When we cross analyse our alert distrubiton over this time period, this would coincide the drop of in latter days we see in load on the engine nodes. This is measured in our peviosu log frequency visualization. We can see clearly from our visualization that the load is less than starting dates here on our top nodes. Please refer to the log frequency alert to make cross compaarisons.

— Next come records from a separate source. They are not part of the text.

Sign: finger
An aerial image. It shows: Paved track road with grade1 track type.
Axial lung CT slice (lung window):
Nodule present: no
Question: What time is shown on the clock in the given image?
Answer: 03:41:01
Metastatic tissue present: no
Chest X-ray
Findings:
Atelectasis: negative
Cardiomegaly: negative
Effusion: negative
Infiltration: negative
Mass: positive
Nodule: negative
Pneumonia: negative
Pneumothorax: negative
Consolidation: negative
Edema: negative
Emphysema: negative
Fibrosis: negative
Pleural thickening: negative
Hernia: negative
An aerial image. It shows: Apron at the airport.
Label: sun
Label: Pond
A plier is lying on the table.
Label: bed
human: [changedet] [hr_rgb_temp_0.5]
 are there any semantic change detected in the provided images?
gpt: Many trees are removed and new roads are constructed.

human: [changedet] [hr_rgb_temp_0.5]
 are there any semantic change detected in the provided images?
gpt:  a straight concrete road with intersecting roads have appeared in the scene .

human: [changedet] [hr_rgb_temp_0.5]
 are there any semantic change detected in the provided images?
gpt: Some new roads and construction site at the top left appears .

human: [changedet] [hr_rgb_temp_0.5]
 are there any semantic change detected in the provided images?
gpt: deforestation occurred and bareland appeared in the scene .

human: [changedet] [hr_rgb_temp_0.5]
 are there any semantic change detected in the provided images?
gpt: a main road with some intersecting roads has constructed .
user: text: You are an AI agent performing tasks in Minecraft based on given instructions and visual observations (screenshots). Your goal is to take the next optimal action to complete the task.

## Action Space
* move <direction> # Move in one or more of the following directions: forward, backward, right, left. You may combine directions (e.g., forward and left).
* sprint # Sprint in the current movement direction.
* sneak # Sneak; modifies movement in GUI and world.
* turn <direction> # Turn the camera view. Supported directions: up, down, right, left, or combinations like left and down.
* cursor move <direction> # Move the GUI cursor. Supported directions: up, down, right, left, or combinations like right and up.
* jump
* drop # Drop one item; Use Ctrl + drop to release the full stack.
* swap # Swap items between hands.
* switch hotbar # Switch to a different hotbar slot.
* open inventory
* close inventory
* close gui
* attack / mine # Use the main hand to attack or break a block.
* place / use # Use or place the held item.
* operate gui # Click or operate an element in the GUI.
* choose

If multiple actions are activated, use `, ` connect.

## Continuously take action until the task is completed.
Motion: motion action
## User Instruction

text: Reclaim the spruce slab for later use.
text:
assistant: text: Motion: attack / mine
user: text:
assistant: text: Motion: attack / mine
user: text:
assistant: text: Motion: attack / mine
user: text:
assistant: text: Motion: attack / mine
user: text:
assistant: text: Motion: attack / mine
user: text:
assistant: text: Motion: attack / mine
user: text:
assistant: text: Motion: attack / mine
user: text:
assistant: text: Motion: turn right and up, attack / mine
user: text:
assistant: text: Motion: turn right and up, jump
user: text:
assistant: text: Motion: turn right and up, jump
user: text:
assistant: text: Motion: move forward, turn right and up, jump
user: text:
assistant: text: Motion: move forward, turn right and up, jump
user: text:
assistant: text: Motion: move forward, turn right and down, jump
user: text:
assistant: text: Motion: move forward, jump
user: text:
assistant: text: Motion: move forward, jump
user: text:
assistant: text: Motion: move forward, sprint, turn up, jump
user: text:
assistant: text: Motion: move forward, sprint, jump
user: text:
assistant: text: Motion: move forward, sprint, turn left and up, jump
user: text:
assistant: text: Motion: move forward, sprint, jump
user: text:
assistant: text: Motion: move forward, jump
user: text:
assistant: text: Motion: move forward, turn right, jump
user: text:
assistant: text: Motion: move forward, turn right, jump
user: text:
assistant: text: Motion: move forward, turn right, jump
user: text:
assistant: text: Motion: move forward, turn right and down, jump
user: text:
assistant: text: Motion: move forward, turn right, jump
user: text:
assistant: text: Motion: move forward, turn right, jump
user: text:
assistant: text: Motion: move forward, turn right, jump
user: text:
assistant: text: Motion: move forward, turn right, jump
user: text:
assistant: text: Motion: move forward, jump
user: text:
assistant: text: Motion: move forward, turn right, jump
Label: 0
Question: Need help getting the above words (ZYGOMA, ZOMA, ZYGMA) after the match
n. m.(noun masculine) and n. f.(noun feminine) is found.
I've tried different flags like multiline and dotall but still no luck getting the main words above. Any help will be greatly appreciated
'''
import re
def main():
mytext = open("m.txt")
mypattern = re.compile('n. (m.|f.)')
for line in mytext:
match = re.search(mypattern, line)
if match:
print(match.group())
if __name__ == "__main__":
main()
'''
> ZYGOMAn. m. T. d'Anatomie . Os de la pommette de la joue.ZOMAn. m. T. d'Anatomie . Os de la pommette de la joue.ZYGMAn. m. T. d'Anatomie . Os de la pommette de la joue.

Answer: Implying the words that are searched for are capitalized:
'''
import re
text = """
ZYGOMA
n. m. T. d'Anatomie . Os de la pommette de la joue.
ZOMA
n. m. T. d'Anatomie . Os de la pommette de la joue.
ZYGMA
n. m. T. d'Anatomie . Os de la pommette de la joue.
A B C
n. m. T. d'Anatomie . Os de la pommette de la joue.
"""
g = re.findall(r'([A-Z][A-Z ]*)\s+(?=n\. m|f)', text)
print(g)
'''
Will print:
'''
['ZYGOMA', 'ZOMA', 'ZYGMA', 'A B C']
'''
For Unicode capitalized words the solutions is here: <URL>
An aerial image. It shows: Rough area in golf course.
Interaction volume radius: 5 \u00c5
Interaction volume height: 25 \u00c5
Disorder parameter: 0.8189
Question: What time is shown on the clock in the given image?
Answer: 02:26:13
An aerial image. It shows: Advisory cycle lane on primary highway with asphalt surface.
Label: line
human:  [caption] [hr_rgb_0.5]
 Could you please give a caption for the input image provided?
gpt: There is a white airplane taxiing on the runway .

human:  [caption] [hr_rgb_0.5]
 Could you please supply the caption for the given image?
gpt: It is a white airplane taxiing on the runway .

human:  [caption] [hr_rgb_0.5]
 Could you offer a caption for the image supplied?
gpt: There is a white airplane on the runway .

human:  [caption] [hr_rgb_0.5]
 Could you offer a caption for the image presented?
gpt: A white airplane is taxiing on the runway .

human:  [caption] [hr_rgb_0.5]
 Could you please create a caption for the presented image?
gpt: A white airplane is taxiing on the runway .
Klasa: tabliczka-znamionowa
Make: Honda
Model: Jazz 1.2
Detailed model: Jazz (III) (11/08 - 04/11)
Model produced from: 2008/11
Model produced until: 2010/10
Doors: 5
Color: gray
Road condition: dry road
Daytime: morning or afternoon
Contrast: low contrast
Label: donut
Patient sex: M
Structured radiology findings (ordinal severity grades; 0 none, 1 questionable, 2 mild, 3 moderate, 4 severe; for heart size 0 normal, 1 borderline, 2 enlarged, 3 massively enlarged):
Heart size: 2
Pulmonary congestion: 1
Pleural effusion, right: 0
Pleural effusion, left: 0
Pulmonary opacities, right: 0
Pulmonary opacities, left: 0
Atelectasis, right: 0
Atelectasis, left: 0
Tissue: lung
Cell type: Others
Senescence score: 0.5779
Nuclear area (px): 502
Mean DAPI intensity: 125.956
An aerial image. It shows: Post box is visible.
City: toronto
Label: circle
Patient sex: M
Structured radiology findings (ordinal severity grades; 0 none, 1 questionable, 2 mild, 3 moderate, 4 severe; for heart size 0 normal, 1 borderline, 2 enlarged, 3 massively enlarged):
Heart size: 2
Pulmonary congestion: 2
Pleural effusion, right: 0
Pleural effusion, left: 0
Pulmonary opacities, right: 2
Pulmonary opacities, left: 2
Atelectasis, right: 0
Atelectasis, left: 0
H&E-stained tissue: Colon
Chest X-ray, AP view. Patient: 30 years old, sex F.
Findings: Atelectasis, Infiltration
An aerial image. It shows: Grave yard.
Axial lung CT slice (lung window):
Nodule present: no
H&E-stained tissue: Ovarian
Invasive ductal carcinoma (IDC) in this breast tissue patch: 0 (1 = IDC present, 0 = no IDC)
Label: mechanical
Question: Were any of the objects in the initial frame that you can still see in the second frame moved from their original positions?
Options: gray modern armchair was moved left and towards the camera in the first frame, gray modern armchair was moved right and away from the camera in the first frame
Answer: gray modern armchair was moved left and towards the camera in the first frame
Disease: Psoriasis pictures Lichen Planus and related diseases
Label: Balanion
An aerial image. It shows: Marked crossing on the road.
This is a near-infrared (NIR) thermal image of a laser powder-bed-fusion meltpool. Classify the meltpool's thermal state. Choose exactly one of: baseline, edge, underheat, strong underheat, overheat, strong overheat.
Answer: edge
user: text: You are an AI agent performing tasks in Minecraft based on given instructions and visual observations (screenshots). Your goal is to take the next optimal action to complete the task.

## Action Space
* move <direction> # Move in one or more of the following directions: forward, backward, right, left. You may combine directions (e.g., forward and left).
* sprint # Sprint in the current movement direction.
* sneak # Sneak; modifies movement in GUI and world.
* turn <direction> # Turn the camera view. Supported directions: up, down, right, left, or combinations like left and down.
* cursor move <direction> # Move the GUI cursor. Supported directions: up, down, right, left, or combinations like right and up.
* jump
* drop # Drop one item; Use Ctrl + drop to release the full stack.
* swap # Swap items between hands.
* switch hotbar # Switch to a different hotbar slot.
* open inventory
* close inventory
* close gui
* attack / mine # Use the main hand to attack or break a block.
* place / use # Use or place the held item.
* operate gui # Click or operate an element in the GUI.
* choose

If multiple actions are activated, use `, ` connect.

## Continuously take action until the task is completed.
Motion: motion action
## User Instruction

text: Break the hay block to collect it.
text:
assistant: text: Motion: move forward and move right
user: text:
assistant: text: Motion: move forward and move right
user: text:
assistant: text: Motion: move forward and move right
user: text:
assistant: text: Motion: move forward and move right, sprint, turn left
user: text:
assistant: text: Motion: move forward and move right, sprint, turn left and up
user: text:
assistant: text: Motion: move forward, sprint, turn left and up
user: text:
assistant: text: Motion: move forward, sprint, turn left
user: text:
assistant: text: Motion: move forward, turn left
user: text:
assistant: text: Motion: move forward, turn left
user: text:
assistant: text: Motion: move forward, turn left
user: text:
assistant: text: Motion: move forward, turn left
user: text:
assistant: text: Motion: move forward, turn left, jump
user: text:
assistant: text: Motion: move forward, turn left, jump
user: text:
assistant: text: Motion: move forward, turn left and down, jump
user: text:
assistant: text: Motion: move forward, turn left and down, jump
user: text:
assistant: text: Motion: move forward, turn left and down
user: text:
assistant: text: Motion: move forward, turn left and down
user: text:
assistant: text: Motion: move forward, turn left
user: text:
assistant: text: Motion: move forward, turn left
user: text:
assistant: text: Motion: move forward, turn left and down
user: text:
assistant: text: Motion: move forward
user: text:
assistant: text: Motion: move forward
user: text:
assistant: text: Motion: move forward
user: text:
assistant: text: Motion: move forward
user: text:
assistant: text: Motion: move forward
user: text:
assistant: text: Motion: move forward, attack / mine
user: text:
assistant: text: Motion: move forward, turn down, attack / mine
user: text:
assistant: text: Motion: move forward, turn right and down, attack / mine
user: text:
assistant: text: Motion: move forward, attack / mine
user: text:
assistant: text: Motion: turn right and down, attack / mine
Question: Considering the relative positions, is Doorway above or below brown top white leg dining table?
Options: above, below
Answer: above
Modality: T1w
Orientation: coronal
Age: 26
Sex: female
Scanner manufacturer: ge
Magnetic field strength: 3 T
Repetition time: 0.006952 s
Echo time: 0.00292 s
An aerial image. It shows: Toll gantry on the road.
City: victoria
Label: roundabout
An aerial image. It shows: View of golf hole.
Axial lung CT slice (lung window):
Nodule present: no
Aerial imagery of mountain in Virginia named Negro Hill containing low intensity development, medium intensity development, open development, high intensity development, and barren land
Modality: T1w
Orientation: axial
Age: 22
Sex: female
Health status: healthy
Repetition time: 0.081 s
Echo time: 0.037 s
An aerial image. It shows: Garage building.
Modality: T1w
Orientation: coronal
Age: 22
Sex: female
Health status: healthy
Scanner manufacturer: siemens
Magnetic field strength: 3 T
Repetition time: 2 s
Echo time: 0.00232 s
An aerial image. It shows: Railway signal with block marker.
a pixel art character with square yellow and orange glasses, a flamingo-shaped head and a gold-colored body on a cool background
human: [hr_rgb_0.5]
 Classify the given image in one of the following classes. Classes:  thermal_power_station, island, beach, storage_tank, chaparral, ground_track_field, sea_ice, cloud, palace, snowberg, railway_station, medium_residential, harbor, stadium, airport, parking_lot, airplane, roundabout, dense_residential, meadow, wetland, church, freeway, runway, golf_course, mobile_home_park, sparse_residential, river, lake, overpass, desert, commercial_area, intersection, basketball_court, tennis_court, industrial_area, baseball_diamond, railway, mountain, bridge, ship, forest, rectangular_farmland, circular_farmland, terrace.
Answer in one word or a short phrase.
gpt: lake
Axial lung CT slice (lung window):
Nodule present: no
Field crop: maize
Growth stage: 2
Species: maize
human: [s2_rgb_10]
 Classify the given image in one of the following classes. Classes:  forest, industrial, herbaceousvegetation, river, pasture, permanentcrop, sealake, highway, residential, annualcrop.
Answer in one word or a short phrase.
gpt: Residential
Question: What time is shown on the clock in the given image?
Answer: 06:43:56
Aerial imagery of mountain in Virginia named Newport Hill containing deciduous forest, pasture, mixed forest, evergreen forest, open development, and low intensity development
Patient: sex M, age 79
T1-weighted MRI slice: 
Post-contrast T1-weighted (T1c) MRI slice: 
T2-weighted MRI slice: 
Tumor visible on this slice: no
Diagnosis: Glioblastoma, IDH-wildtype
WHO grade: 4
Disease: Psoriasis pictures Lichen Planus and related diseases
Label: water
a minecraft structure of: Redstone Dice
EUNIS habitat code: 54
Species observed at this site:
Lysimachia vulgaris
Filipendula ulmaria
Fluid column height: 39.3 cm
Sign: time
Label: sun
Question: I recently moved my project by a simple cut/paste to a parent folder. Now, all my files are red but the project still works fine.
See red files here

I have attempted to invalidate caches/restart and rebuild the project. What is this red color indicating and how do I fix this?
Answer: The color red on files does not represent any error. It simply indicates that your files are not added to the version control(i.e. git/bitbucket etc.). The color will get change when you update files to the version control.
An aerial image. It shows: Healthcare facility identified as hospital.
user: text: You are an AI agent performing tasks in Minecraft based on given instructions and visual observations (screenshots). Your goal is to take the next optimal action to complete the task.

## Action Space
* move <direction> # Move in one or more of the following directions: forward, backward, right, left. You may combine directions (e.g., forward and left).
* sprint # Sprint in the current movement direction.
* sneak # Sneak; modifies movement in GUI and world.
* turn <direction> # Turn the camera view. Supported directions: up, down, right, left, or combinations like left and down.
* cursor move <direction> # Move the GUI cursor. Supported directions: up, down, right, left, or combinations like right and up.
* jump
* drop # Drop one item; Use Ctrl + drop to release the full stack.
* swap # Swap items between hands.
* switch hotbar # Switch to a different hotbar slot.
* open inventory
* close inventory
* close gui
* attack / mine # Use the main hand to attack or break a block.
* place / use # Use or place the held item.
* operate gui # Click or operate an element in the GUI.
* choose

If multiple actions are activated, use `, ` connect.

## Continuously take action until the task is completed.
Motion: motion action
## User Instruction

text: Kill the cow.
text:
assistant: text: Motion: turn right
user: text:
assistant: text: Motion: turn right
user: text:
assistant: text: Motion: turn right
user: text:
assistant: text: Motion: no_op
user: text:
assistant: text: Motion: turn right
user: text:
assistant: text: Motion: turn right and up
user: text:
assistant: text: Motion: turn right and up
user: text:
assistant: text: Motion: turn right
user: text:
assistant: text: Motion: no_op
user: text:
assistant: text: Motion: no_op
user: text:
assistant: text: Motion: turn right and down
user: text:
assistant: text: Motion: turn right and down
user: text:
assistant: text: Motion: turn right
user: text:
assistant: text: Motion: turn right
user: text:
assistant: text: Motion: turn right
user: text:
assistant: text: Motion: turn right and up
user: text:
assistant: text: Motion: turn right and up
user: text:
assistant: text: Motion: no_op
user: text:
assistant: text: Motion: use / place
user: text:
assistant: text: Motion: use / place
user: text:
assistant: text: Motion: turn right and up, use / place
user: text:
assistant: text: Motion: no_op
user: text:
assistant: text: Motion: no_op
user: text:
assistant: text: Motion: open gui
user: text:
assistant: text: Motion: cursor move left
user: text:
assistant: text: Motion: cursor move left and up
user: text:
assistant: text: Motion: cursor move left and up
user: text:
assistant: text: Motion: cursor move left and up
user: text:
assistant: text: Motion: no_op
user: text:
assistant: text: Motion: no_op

## Engine Node | > RequestSize(TB) Terabytes | > Average Seconds | Time Taken 
For this part of our analysis we will be cross analysing 15 nodes based on their value counts in this dataframe. These nodes are considered under highest constraint during this timeframe from our previous analysis.

In [None]:
# Tope nodes
display(data['EngineNode'].value_counts().head(10))

In [None]:
# subsetting based on categorical data (Pandas isin method)
top_nodes = data['EngineNode'].isin(['engine5','engine1','engine0','engine3','engine4','engine9','engine2'])
top_nodes = data[top_nodes]
#
key_nodes = top_nodes[np.logical_and(top_nodes['RequestSize(TB)'] > 10, top_nodes['Seconds'] > 9)]
key_nodes.head()

In [None]:
# genrate pie chart categorized by clients
fig = px.pie(key_nodes, values='Seconds', names='Client',title='-')
#
fig.update_traces(textposition='inside', textinfo='percent+label')
#
# Update title and height
fig.update_layout(height=700, width=1000,
                  title_text="TOP Engine Nodes | > Average Request Size (TB)| Seconds > (average seconds) | Time Taken Returned Functionality ")
fig.show()